*DATASET*
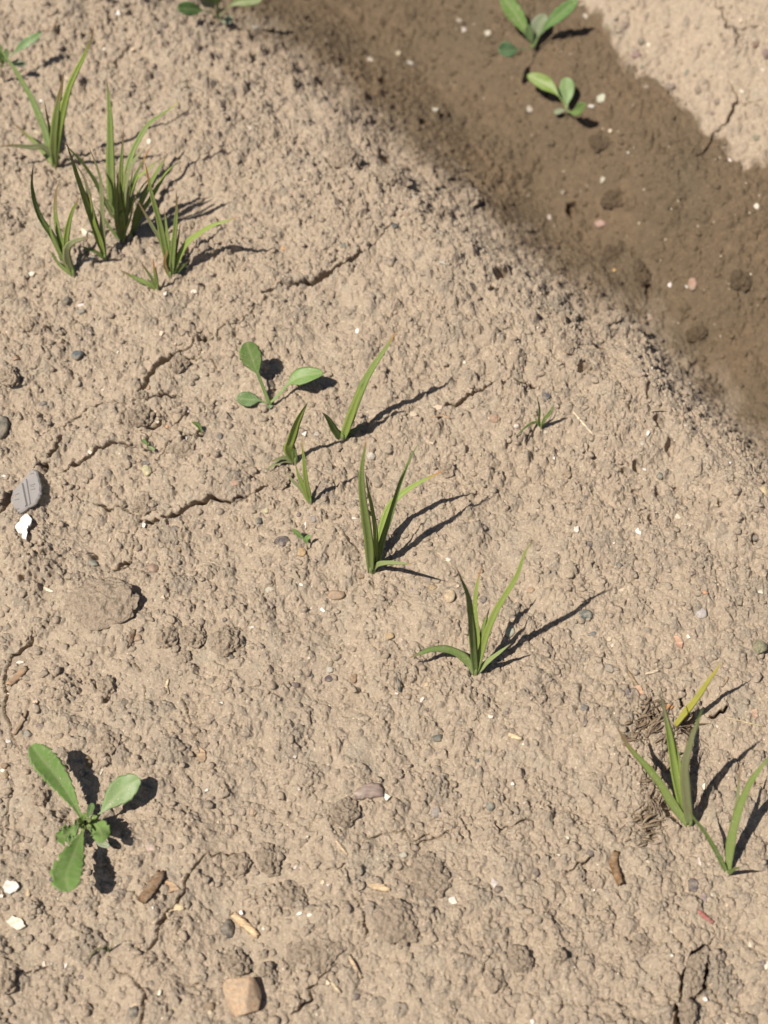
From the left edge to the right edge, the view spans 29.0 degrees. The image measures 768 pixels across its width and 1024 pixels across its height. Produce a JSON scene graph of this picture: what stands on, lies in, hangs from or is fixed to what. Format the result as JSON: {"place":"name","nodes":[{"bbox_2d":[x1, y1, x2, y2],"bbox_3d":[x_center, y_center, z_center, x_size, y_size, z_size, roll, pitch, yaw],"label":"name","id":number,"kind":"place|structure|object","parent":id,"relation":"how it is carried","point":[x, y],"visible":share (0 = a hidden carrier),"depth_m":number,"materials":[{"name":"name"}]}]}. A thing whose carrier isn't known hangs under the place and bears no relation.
{"place":"outdoors","nodes":[
{"label":"outdoors","id":0,"kind":"place"},
{"bbox_2d":[0,0,767,1023],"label":"ground","id":1,"kind":"structure","parent":0,"point":[264,750],"depth_m":0.62,"materials":[{"name":"soil"}]},
{"bbox_2d":[0,416,8,439],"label":"pebble","id":2,"kind":"object","parent":1,"relation":"on","point":[4,424],"visible":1,"depth_m":0.64,"materials":[{"name":"stone"}]},
{"bbox_2d":[0,968,17,994],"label":"soil clod","id":3,"kind":"object","parent":1,"relation":"on","point":[8,981],"visible":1,"depth_m":0.54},
{"bbox_2d":[0,364,19,386],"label":"soil clod","id":4,"kind":"object","parent":1,"relation":"on","point":[9,376],"visible":1,"depth_m":0.64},
{"bbox_2d":[3,880,19,894],"bbox_3d":[-0.138,0.139,0.551,0.006,0.003,0.005,0,50,0],"label":"white chip","id":5,"kind":"object","parent":1,"relation":"on","point":[10,887],"visible":1,"depth_m":0.55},
{"bbox_2d":[6,915,25,929],"bbox_3d":[-0.135,0.151,0.546,0.008,0.003,0.005,0,50,0],"label":"white chip","id":6,"kind":"object","parent":1,"relation":"on","point":[16,923],"visible":1,"depth_m":0.55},
{"bbox_2d":[6,665,29,686],"bbox_3d":[-0.145,0.065,0.589,0.009,0.003,0.009,0,50,0],"label":"seed husk","id":7,"kind":"object","parent":1,"relation":"on","point":[21,672],"visible":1,"depth_m":0.59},
{"bbox_2d":[13,710,26,735],"bbox_3d":[-0.142,0.082,0.581,0.005,0.004,0.010,0,50,0],"label":"straw bit","id":8,"kind":"object","parent":1,"relation":"on","point":[19,725],"visible":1,"depth_m":0.58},
{"bbox_2d":[0,32,40,82],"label":"weed seedling","id":9,"kind":"object","parent":1,"relation":"on","point":[28,41],"visible":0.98,"depth_m":0.71,"materials":[{"name":"green plant"}]},
{"bbox_2d":[15,514,31,538],"bbox_3d":[-0.149,0.006,0.613,0.007,0.004,0.012,0,50,0],"label":"shell chip","id":10,"kind":"object","parent":1,"relation":"on","point":[23,524],"visible":1,"depth_m":0.61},
{"bbox_2d":[11,469,41,514],"bbox_3d":[-0.149,-0.008,0.620,0.014,0.008,0.017,-17,52,-14],"label":"stone","id":11,"kind":"object","parent":1,"relation":"on","point":[27,491],"visible":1,"depth_m":0.62,"materials":[{"name":"grey"}]},
{"bbox_2d":[23,318,36,330],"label":"soil clod","id":12,"kind":"object","parent":1,"relation":"on","point":[29,324],"visible":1,"depth_m":0.66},
{"bbox_2d":[31,788,48,807],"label":"soil clod","id":13,"kind":"object","parent":1,"relation":"on","point":[40,796],"visible":1,"depth_m":0.56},
{"bbox_2d":[32,324,48,335],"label":"soil clod","id":14,"kind":"object","parent":1,"relation":"on","point":[42,329],"visible":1,"depth_m":0.66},
{"bbox_2d":[0,25,93,169],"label":"grass seedling","id":15,"kind":"object","parent":1,"relation":"on","point":[49,150],"depth_m":0.68,"materials":[{"name":"green plant"}]},
{"bbox_2d":[30,167,89,277],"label":"grass seedling","id":16,"kind":"object","parent":1,"relation":"on","point":[63,245],"depth_m":0.65,"materials":[{"name":"green plant"}]},
{"bbox_2d":[71,351,83,359],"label":"pebble","id":17,"kind":"object","parent":1,"relation":"on","point":[76,355],"visible":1,"depth_m":0.65,"materials":[{"name":"stone"}]},
{"bbox_2d":[28,743,140,891],"bbox_3d":[-0.112,0.117,0.550,0.041,0.032,0.054,0,50,0],"label":"weed seedling","id":18,"kind":"object","parent":1,"relation":"on","point":[66,871],"visible":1,"depth_m":0.55,"materials":[{"name":"green plant"}]},
{"bbox_2d":[81,228,92,236],"bbox_3d":[-0.135,-0.127,0.676,0.006,0.003,0.006,0,50,0],"label":"seed husk","id":19,"kind":"object","parent":1,"relation":"on","point":[85,232],"visible":0.98,"depth_m":0.68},
{"bbox_2d":[66,140,107,261],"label":"grass seedling","id":20,"kind":"object","parent":1,"relation":"on","point":[99,234],"depth_m":0.65,"materials":[{"name":"green plant"}]},
{"bbox_2d":[64,82,115,217],"bbox_3d":[-0.127,-0.156,0.661,0.008,0.068,0.028,35,58,26],"label":"grass seedling","id":21,"kind":"object","parent":1,"relation":"on","point":[110,168],"depth_m":0.67,"materials":[{"name":"green plant"}]},
{"bbox_2d":[83,942,111,962],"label":"grass seedling","id":22,"kind":"object","parent":1,"relation":"on","point":[107,949],"depth_m":0.54,"materials":[{"name":"green plant"}]},
{"bbox_2d":[61,577,139,629],"bbox_3d":[-0.115,0.036,0.600,0.033,0.010,0.025,0,50,0],"label":"soil clod","id":23,"kind":"object","parent":1,"relation":"on","point":[98,603],"visible":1,"depth_m":0.60,"materials":[{"name":"soil"}]},
{"bbox_2d":[97,674,116,698],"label":"soil clod","id":24,"kind":"object","parent":1,"relation":"on","point":[106,682],"visible":1,"depth_m":0.58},
{"bbox_2d":[97,730,121,754],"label":"soil clod","id":25,"kind":"object","parent":1,"relation":"on","point":[110,741],"visible":1,"depth_m":0.57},
{"bbox_2d":[127,1006,138,1017],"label":"pebble","id":26,"kind":"object","parent":1,"relation":"on","point":[133,1011],"visible":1,"depth_m":0.53,"materials":[{"name":"stone"}]},
{"bbox_2d":[95,100,179,243],"bbox_3d":[-0.105,-0.153,0.662,0.021,0.066,0.051,35,58,25],"label":"grass seedling","id":27,"kind":"object","parent":1,"relation":"on","point":[124,191],"depth_m":0.66,"materials":[{"name":"green plant"}]},
{"bbox_2d":[120,258,158,290],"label":"grass seedling","id":28,"kind":"object","parent":1,"relation":"on","point":[154,285],"depth_m":0.66,"materials":[{"name":"green plant"}]},
{"bbox_2d":[126,402,155,426],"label":"soil clod","id":29,"kind":"object","parent":1,"relation":"on","point":[143,414],"visible":1,"depth_m":0.64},
{"bbox_2d":[134,389,149,399],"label":"soil clod","id":30,"kind":"object","parent":1,"relation":"on","point":[141,394],"visible":1,"depth_m":0.64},
{"bbox_2d":[132,493,156,515],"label":"soil clod","id":31,"kind":"object","parent":1,"relation":"on","point":[142,502],"visible":1,"depth_m":0.62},
{"bbox_2d":[141,465,151,475],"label":"pebble","id":32,"kind":"object","parent":1,"relation":"on","point":[146,470],"visible":1,"depth_m":0.62,"materials":[{"name":"stone"}]},
{"bbox_2d":[137,869,164,903],"bbox_3d":[-0.086,0.139,0.550,0.010,0.003,0.014,0,50,0],"label":"wood chip","id":33,"kind":"object","parent":1,"relation":"on","point":[154,883],"visible":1,"depth_m":0.55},
{"bbox_2d":[147,563,158,571],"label":"pebble","id":34,"kind":"object","parent":1,"relation":"on","point":[152,567],"visible":1,"depth_m":0.61,"materials":[{"name":"stone"}]},
{"bbox_2d":[130,153,179,237],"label":"grass seedling","id":35,"kind":"object","parent":1,"relation":"on","point":[137,215],"depth_m":0.66,"materials":[{"name":"green plant"}]},
{"bbox_2d":[155,625,177,648],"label":"soil clod","id":36,"kind":"object","parent":1,"relation":"on","point":[167,638],"visible":1,"depth_m":0.59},
{"bbox_2d":[164,880,179,892],"bbox_3d":[-0.079,0.139,0.553,0.007,0.002,0.005,0,50,0],"label":"bark flake","id":37,"kind":"object","parent":1,"relation":"on","point":[173,887],"visible":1,"depth_m":0.55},
{"bbox_2d":[166,904,184,917],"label":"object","id":38,"kind":"object","parent":1,"relation":"on","point":[179,907],"visible":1,"depth_m":0.55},
{"bbox_2d":[168,355,189,373],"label":"soil clod","id":39,"kind":"object","parent":1,"relation":"on","point":[181,363],"visible":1,"depth_m":0.65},
{"bbox_2d":[165,439,196,458],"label":"soil clod","id":40,"kind":"object","parent":1,"relation":"on","point":[185,447],"visible":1,"depth_m":0.63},
{"bbox_2d":[180,650,190,662],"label":"soil clod","id":41,"kind":"object","parent":1,"relation":"on","point":[185,657],"visible":1,"depth_m":0.59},
{"bbox_2d":[135,163,237,278],"bbox_3d":[-0.085,-0.127,0.649,0.045,0.064,0.009,0,50,0],"label":"grass seedling","id":42,"kind":"object","parent":1,"relation":"on","point":[172,257],"depth_m":0.65,"materials":[{"name":"green plant"}]},
{"bbox_2d":[180,624,206,648],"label":"soil clod","id":43,"kind":"object","parent":1,"relation":"on","point":[194,636],"visible":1,"depth_m":0.59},
{"bbox_2d":[192,746,205,761],"bbox_3d":[-0.072,0.093,0.576,0.007,0.004,0.008,0,50,0],"label":"bark flake","id":44,"kind":"object","parent":1,"relation":"on","point":[202,753],"visible":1,"depth_m":0.57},
{"bbox_2d":[177,0,261,26],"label":"weed seedling","id":45,"kind":"object","parent":1,"relation":"on","point":[188,8],"visible":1,"depth_m":0.74,"materials":[{"name":"green plant"}]},
{"bbox_2d":[210,624,244,656],"bbox_3d":[-0.063,0.051,0.593,0.014,0.008,0.012,-27,55,-21],"label":"soil clod","id":46,"kind":"object","parent":1,"relation":"on","point":[227,640],"visible":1,"depth_m":0.59,"materials":[{"name":"soil"}]},
{"bbox_2d":[220,919,234,938],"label":"pebble","id":47,"kind":"object","parent":1,"relation":"on","point":[227,929],"visible":1,"depth_m":0.55,"materials":[{"name":"stone"}]},
{"bbox_2d":[219,948,251,975],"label":"soil clod","id":48,"kind":"object","parent":1,"relation":"on","point":[235,962],"visible":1,"depth_m":0.54,"materials":[{"name":"soil"}]},
{"bbox_2d":[226,852,251,879],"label":"soil clod","id":49,"kind":"object","parent":1,"relation":"on","point":[238,866],"visible":1,"depth_m":0.56,"materials":[{"name":"soil"}]},
{"bbox_2d":[223,977,261,1016],"bbox_3d":[-0.051,0.176,0.536,0.014,0.012,0.013,0,50,0],"label":"rock","id":50,"kind":"object","parent":1,"relation":"on","point":[243,995],"visible":1,"depth_m":0.53,"materials":[{"name":"stone"}]},
{"bbox_2d":[230,911,259,938],"bbox_3d":[-0.051,0.152,0.549,0.012,0.003,0.011,0,50,0],"label":"tan stick","id":51,"kind":"object","parent":1,"relation":"on","point":[243,923],"visible":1,"depth_m":0.55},
{"bbox_2d":[258,961,272,977],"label":"soil clod","id":52,"kind":"object","parent":1,"relation":"on","point":[265,969],"visible":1,"depth_m":0.54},
{"bbox_2d":[255,842,281,877],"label":"soil clod","id":53,"kind":"object","parent":1,"relation":"on","point":[269,863],"visible":1,"depth_m":0.56,"materials":[{"name":"soil"}]},
{"bbox_2d":[265,465,292,490],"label":"soil clod","id":54,"kind":"object","parent":1,"relation":"on","point":[276,477],"visible":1,"depth_m":0.63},
{"bbox_2d":[236,342,323,407],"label":"weed seedling","id":55,"kind":"object","parent":1,"relation":"on","point":[250,354],"visible":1,"depth_m":0.64,"materials":[{"name":"green plant"}]},
{"bbox_2d":[274,536,289,546],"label":"pebble","id":56,"kind":"object","parent":1,"relation":"on","point":[282,541],"visible":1,"depth_m":0.61,"materials":[{"name":"stone"}]},
{"bbox_2d":[266,402,307,469],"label":"grass seedling","id":57,"kind":"object","parent":1,"relation":"on","point":[291,456],"depth_m":0.62,"materials":[{"name":"green plant"}]},
{"bbox_2d":[276,879,307,908],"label":"soil clod","id":58,"kind":"object","parent":1,"relation":"on","point":[289,892],"visible":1,"depth_m":0.55,"materials":[{"name":"soil"}]},
{"bbox_2d":[285,443,311,504],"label":"grass seedling","id":59,"kind":"object","parent":1,"relation":"on","point":[304,488],"depth_m":0.61,"materials":[{"name":"green plant"}]},
{"bbox_2d":[292,528,310,549],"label":"weed seedling","id":60,"kind":"object","parent":1,"relation":"on","point":[299,535],"visible":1,"depth_m":0.61,"materials":[{"name":"green plant"}]},
{"bbox_2d":[286,933,342,974],"bbox_3d":[-0.025,0.161,0.543,0.021,0.006,0.015,0,50,0],"label":"soil clod","id":61,"kind":"object","parent":1,"relation":"on","point":[319,953],"visible":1,"depth_m":0.54,"materials":[{"name":"soil"}]},
{"bbox_2d":[328,590,344,599],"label":"pebble","id":62,"kind":"object","parent":1,"relation":"on","point":[335,595],"visible":1,"depth_m":0.60,"materials":[{"name":"stone"}]},
{"bbox_2d":[330,796,360,827],"bbox_3d":[-0.015,0.114,0.564,0.012,0.007,0.010,-34,58,-25],"label":"soil clod","id":63,"kind":"object","parent":1,"relation":"on","point":[345,811],"visible":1,"depth_m":0.56,"materials":[{"name":"soil"}]},
{"bbox_2d":[331,144,362,167],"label":"soil clod","id":64,"kind":"object","parent":1,"relation":"on","point":[341,157],"visible":1,"depth_m":0.70,"materials":[{"name":"soil"}]},
{"bbox_2d":[348,954,361,978],"bbox_3d":[-0.011,0.166,0.541,0.005,0.004,0.008,0,50,0],"label":"straw bit","id":65,"kind":"object","parent":1,"relation":"on","point":[354,966],"visible":1,"depth_m":0.54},
{"bbox_2d":[322,331,396,440],"bbox_3d":[-0.010,-0.049,0.616,0.031,0.060,0.011,0,50,0],"label":"grass seedling","id":66,"kind":"object","parent":1,"relation":"on","point":[344,432],"depth_m":0.62,"materials":[{"name":"green plant"}]},
{"bbox_2d":[353,782,383,800],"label":"stone","id":67,"kind":"object","parent":1,"relation":"on","point":[371,790],"visible":1,"depth_m":0.57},
{"bbox_2d":[367,883,390,891],"bbox_3d":[-0.002,0.139,0.551,0.009,0.002,0.004,0,50,0],"label":"wood chip","id":68,"kind":"object","parent":1,"relation":"on","point":[380,887],"visible":1,"depth_m":0.55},
{"bbox_2d":[0,0,767,1023],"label":"soil crumbs","id":69,"kind":"object","parent":1,"relation":"on","point":[208,804],"visible":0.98,"depth_m":0.62,"materials":[{"name":"soil"}]},
{"bbox_2d":[6,14,765,1023],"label":"pale grit","id":70,"kind":"object","parent":1,"relation":"on","point":[480,454],"visible":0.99,"depth_m":0.63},
{"bbox_2d":[377,166,412,188],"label":"soil clod","id":71,"kind":"object","parent":1,"relation":"on","point":[393,175],"visible":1,"depth_m":0.69,"materials":[{"name":"soil"}]},
{"bbox_2d":[372,898,418,946],"bbox_3d":[0.004,0.150,0.543,0.017,0.008,0.016,0,50,0],"label":"soil clod","id":72,"kind":"object","parent":1,"relation":"on","point":[395,920],"visible":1,"depth_m":0.54,"materials":[{"name":"soil"}]},
{"bbox_2d":[358,437,443,573],"bbox_3d":[0.007,-0.008,0.581,0.024,0.092,0.041,15,52,12],"label":"grass seedling","id":73,"kind":"object","parent":1,"relation":"on","point":[374,542],"depth_m":0.59,"materials":[{"name":"green plant"}]},
{"bbox_2d":[409,851,450,901],"bbox_3d":[0.017,0.136,0.554,0.015,0.006,0.018,-27,55,-21],"label":"soil clod","id":74,"kind":"object","parent":1,"relation":"on","point":[435,878],"visible":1,"depth_m":0.55,"materials":[{"name":"soil"}]},
{"bbox_2d":[431,807,439,817],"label":"pebble","id":75,"kind":"object","parent":1,"relation":"on","point":[435,812],"visible":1,"depth_m":0.57,"materials":[{"name":"stone"}]},
{"bbox_2d":[431,734,442,741],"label":"pebble","id":76,"kind":"object","parent":1,"relation":"on","point":[436,738],"visible":1,"depth_m":0.58,"materials":[{"name":"stone"}]},
{"bbox_2d":[434,205,452,220],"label":"soil clod","id":77,"kind":"object","parent":1,"relation":"on","point":[445,212],"visible":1,"depth_m":0.70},
{"bbox_2d":[440,462,454,477],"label":"soil clod","id":78,"kind":"object","parent":1,"relation":"on","point":[448,469],"visible":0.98,"depth_m":0.63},
{"bbox_2d":[444,589,454,602],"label":"pebble","id":79,"kind":"object","parent":1,"relation":"on","point":[449,596],"visible":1,"depth_m":0.60,"materials":[{"name":"stone"}]},
{"bbox_2d":[459,187,482,206],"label":"soil clod","id":80,"kind":"object","parent":1,"relation":"on","point":[469,196],"visible":1,"depth_m":0.72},
{"bbox_2d":[408,537,536,675],"bbox_3d":[0.032,0.035,0.562,0.046,0.084,0.014,0,50,0],"label":"grass seedling","id":81,"kind":"object","parent":1,"relation":"on","point":[478,641],"depth_m":0.57,"materials":[{"name":"green plant"}]},
{"bbox_2d":[486,802,495,810],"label":"pebble","id":82,"kind":"object","parent":1,"relation":"on","point":[490,806],"visible":1,"depth_m":0.57,"materials":[{"name":"stone"}]},
{"bbox_2d":[484,968,505,993],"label":"soil clod","id":83,"kind":"object","parent":1,"relation":"on","point":[494,980],"visible":1,"depth_m":0.54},
{"bbox_2d":[505,627,514,637],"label":"pebble","id":84,"kind":"object","parent":1,"relation":"on","point":[509,632],"visible":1,"depth_m":0.60,"materials":[{"name":"stone"}]},
{"bbox_2d":[505,944,532,972],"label":"soil clod","id":85,"kind":"object","parent":1,"relation":"on","point":[519,958],"visible":1,"depth_m":0.54,"materials":[{"name":"soil"}]},
{"bbox_2d":[516,398,553,435],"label":"grass seedling","id":86,"kind":"object","parent":1,"relation":"on","point":[546,416],"depth_m":0.63,"materials":[{"name":"green plant"}]},
{"bbox_2d":[498,0,577,57],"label":"weed seedling","id":87,"kind":"object","parent":1,"relation":"on","point":[514,12],"visible":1,"depth_m":0.76,"materials":[{"name":"green plant"}]},
{"bbox_2d":[527,72,586,120],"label":"weed seedling","id":88,"kind":"object","parent":1,"relation":"on","point":[542,81],"visible":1,"depth_m":0.75,"materials":[{"name":"green plant"}]},
{"bbox_2d":[552,947,566,964],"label":"soil clod","id":89,"kind":"object","parent":1,"relation":"on","point":[559,954],"visible":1,"depth_m":0.54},
{"bbox_2d":[560,336,580,354],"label":"soil clod","id":90,"kind":"object","parent":1,"relation":"on","point":[566,347],"visible":1,"depth_m":0.65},
{"bbox_2d":[579,609,592,619],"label":"pebble","id":91,"kind":"object","parent":1,"relation":"on","point":[584,613],"visible":1,"depth_m":0.60,"materials":[{"name":"stone"}]},
{"bbox_2d":[594,219,605,227],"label":"pebble","id":92,"kind":"object","parent":1,"relation":"on","point":[600,223],"visible":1,"depth_m":0.74,"materials":[{"name":"stone"}]},
{"bbox_2d":[588,130,612,152],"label":"soil clod","id":93,"kind":"object","parent":1,"relation":"on","point":[597,143],"visible":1,"depth_m":0.74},
{"bbox_2d":[594,309,621,324],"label":"soil clod","id":94,"kind":"object","parent":1,"relation":"on","point":[608,317],"visible":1,"depth_m":0.68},
{"bbox_2d":[605,664,614,672],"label":"pebble","id":95,"kind":"object","parent":1,"relation":"on","point":[609,668],"visible":1,"depth_m":0.59,"materials":[{"name":"stone"}]},
{"bbox_2d":[600,188,625,207],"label":"soil clod","id":96,"kind":"object","parent":1,"relation":"on","point":[610,199],"visible":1,"depth_m":0.74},
{"bbox_2d":[600,240,628,261],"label":"soil clod","id":97,"kind":"object","parent":1,"relation":"on","point":[609,253],"visible":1,"depth_m":0.74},
{"bbox_2d":[609,850,624,885],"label":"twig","id":98,"kind":"object","parent":1,"relation":"on","point":[615,868],"visible":1,"depth_m":0.55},
{"bbox_2d":[633,258,651,286],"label":"soil clod","id":99,"kind":"object","parent":1,"relation":"on","point":[642,274],"visible":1,"depth_m":0.73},
{"bbox_2d":[631,935,654,957],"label":"soil clod","id":100,"kind":"object","parent":1,"relation":"on","point":[643,948],"visible":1,"depth_m":0.54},
{"bbox_2d":[615,691,702,827],"bbox_3d":[0.105,0.083,0.545,0.038,0.083,0.020,29,56,22],"label":"grass seedling","id":101,"kind":"object","parent":1,"relation":"on","point":[680,775],"depth_m":0.55,"materials":[{"name":"green plant"}]},
{"bbox_2d":[616,686,708,849],"bbox_3d":[0.106,0.099,0.571,0.034,0.020,0.068,10,51,9],"label":"dead leaf mat","id":102,"kind":"object","parent":1,"relation":"on","point":[651,721],"visible":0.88,"depth_m":0.57,"materials":[{"name":"plant"}]},
{"bbox_2d":[673,635,682,648],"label":"pebble","id":103,"kind":"object","parent":1,"relation":"on","point":[679,642],"visible":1,"depth_m":0.59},
{"bbox_2d":[678,997,697,1023],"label":"soil clod","id":104,"kind":"object","parent":1,"relation":"on","point":[688,1012],"visible":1,"depth_m":0.53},
{"bbox_2d":[688,278,696,290],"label":"pebble","id":105,"kind":"object","parent":1,"relation":"on","point":[692,284],"visible":1,"depth_m":0.72,"materials":[{"name":"stone"}]},
{"bbox_2d":[688,878,698,891],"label":"pebble","id":106,"kind":"object","parent":1,"relation":"on","point":[693,884],"visible":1,"depth_m":0.55,"materials":[{"name":"stone"}]},
{"bbox_2d":[683,952,704,996],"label":"soil clod","id":107,"kind":"object","parent":1,"relation":"on","point":[693,980],"visible":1,"depth_m":0.54,"materials":[{"name":"soil"}]},
{"bbox_2d":[685,325,707,341],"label":"soil clod","id":108,"kind":"object","parent":1,"relation":"on","point":[696,333],"visible":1,"depth_m":0.72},
{"bbox_2d":[674,660,721,726],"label":"yellow leaf","id":109,"kind":"object","parent":1,"relation":"on","point":[688,708],"visible":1,"depth_m":0.57,"materials":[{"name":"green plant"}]},
{"bbox_2d":[695,608,706,618],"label":"pebble","id":110,"kind":"object","parent":1,"relation":"on","point":[701,613],"visible":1,"depth_m":0.60,"materials":[{"name":"stone"}]},
{"bbox_2d":[697,909,714,923],"bbox_3d":[0.118,0.149,0.547,0.007,0.004,0.004,0,50,0],"label":"red husk","id":111,"kind":"object","parent":1,"relation":"on","point":[706,917],"visible":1,"depth_m":0.55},
{"bbox_2d":[686,758,767,874],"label":"grass seedling","id":112,"kind":"object","parent":1,"relation":"on","point":[740,801],"depth_m":0.54,"materials":[{"name":"green plant"}]},
{"bbox_2d":[729,269,752,291],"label":"soil clod","id":113,"kind":"object","parent":1,"relation":"on","point":[738,280],"visible":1,"depth_m":0.71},
{"bbox_2d":[753,640,767,653],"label":"pebble","id":114,"kind":"object","parent":1,"relation":"on","point":[759,646],"visible":1,"depth_m":0.59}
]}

*THE TASK*
Report each line in the data above that holds the word "outdoors" by copying it.

*OUTPUT OF THE EXERCISE*
{"place":"outdoors","nodes":[
{"label":"outdoors","id":0,"kind":"place"},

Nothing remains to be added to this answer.